* [Data to examine]
========================================

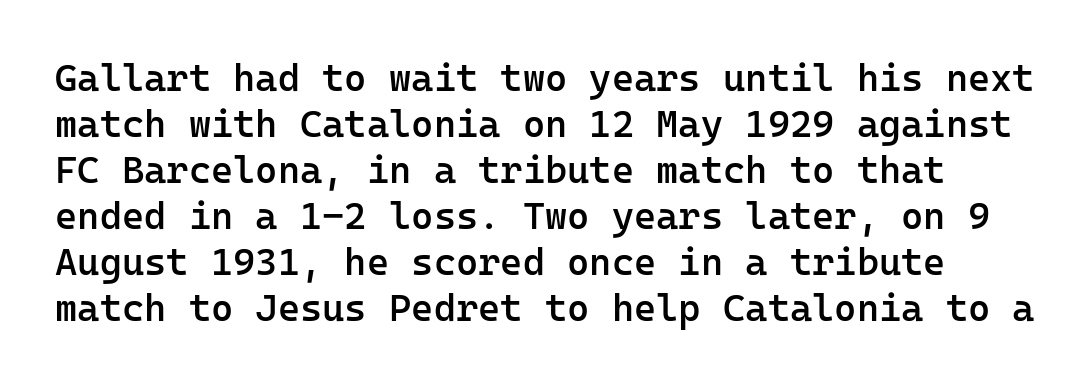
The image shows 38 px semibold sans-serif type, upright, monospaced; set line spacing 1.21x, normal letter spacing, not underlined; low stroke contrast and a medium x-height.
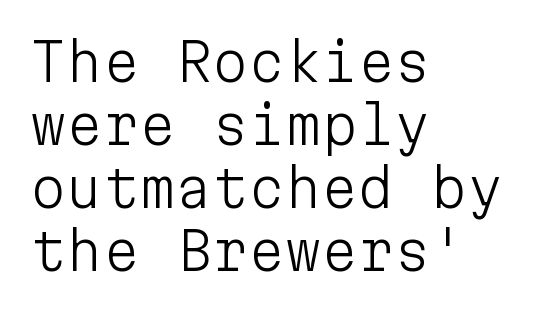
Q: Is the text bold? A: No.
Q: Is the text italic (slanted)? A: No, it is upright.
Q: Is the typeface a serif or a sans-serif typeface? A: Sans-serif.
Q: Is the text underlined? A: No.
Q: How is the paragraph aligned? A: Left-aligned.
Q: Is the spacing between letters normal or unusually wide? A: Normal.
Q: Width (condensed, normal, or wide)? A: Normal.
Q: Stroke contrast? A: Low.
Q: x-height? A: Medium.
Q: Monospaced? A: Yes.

========================================

* [Prompt] Please print the entries exactly as they stand. Images are not part of the copy.

* [Answer section]
The image shows 38 px semibold sans-serif type, upright, monospaced; set line spacing 1.21x, normal letter spacing, not underlined; low stroke contrast and a medium x-height.
Q: Is the text bold? A: No.
Q: Is the text italic (slanted)? A: No, it is upright.
Q: Is the typeface a serif or a sans-serif typeface? A: Sans-serif.
Q: Is the text underlined? A: No.
Q: How is the paragraph aligned? A: Left-aligned.
Q: Is the spacing between letters normal or unusually wide? A: Normal.
Q: Width (condensed, normal, or wide)? A: Normal.
Q: Stroke contrast? A: Low.
Q: x-height? A: Medium.
Q: Monospaced? A: Yes.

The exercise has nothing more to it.